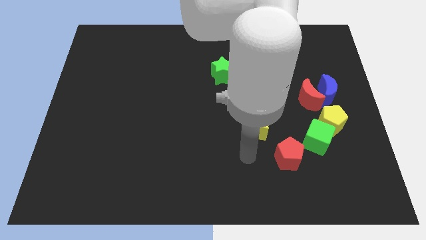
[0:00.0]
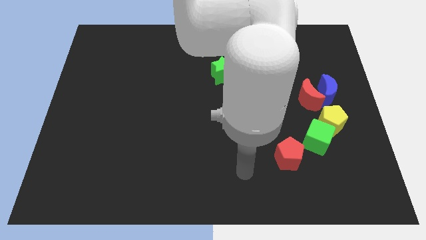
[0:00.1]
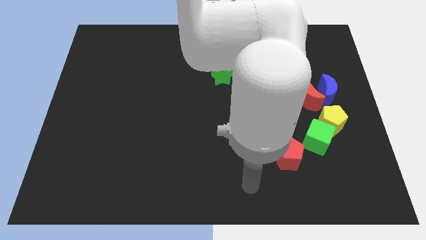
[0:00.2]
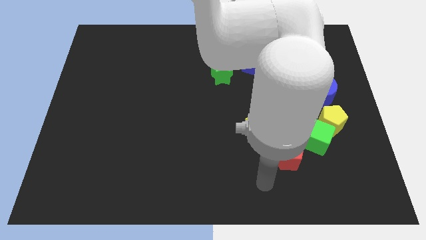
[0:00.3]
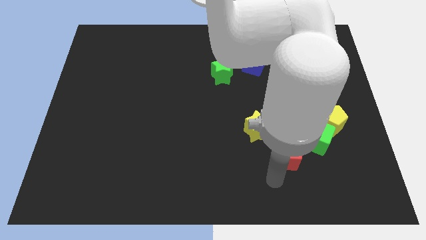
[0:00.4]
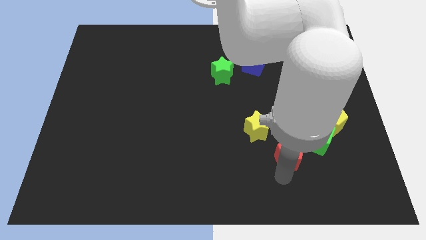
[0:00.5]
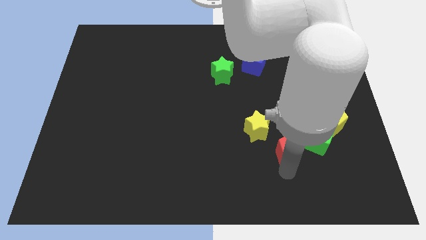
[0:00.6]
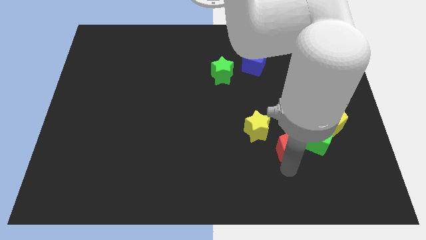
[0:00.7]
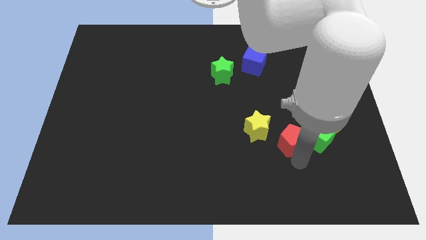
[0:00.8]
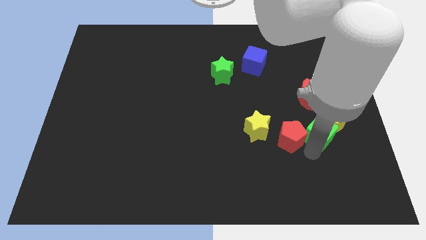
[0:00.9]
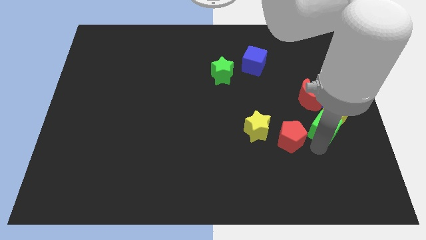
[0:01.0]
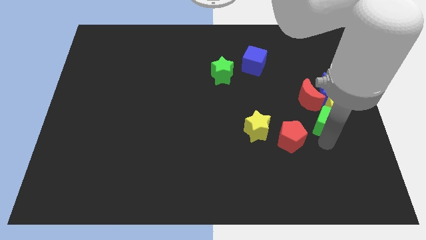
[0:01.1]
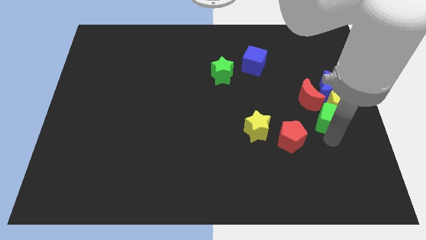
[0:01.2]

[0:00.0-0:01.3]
push the red pentagon into the green cube

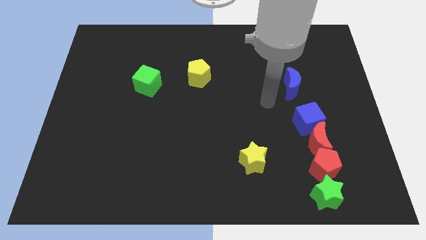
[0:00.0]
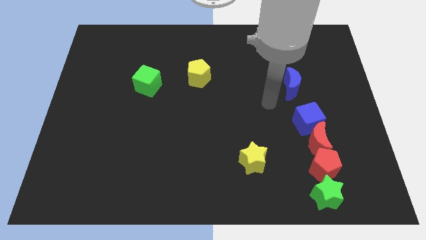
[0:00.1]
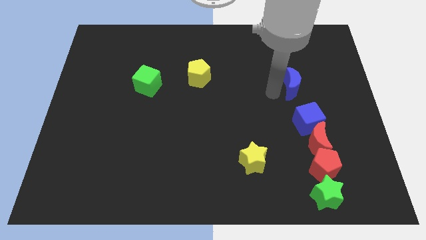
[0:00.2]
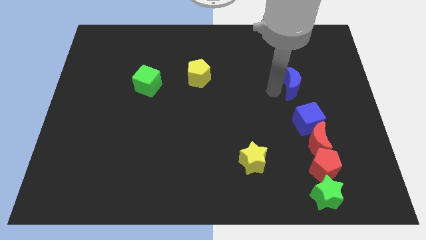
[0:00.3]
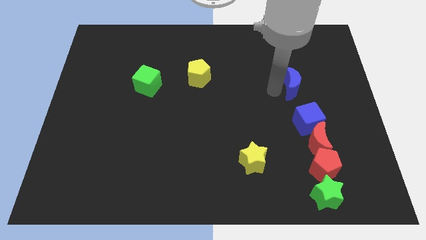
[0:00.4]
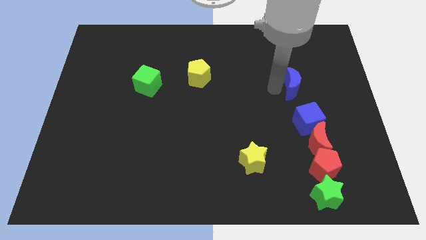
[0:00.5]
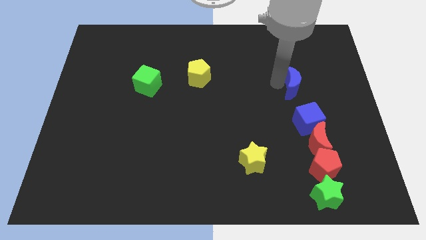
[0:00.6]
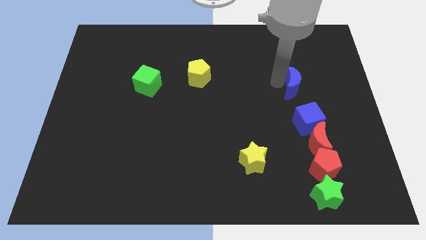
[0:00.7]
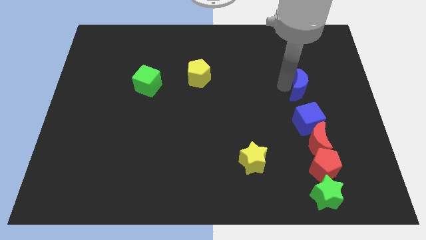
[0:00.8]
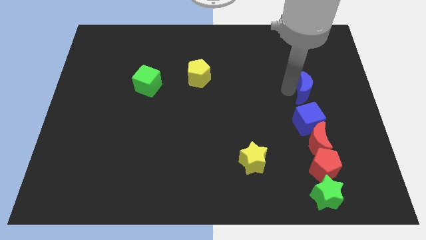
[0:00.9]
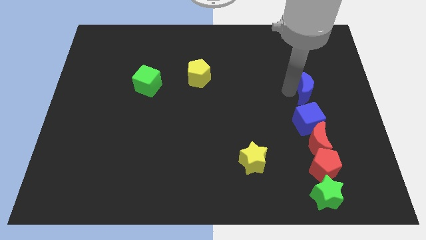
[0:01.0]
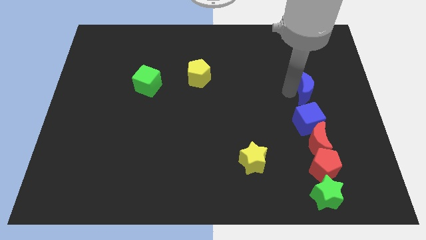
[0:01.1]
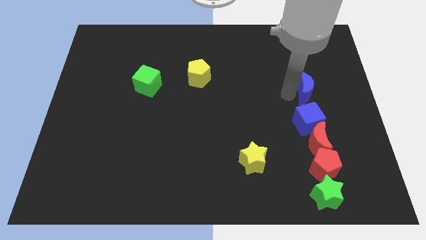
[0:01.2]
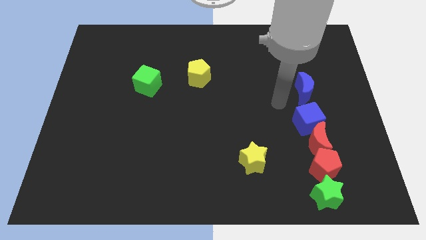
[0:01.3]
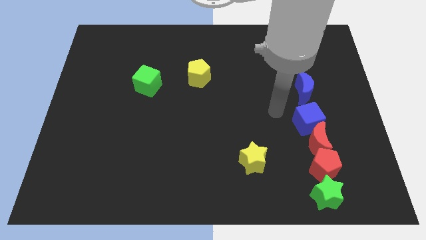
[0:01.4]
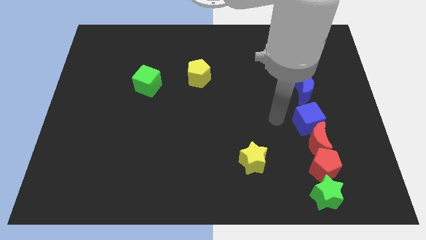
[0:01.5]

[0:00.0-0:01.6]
place the blue crescent above to the blue cube

**Task directions:**
The job is to return the listing above exactly, minus its pictures.

**Exercise solution:**
[0:00.0]
[0:00.1]
[0:00.2]
[0:00.3]
[0:00.4]
[0:00.5]
[0:00.6]
[0:00.7]
[0:00.8]
[0:00.9]
[0:01.0]
[0:01.1]
[0:01.2]

[0:00.0-0:01.3]
push the red pentagon into the green cube

[0:00.0]
[0:00.1]
[0:00.2]
[0:00.3]
[0:00.4]
[0:00.5]
[0:00.6]
[0:00.7]
[0:00.8]
[0:00.9]
[0:01.0]
[0:01.1]
[0:01.2]
[0:01.3]
[0:01.4]
[0:01.5]

[0:00.0-0:01.6]
place the blue crescent above to the blue cube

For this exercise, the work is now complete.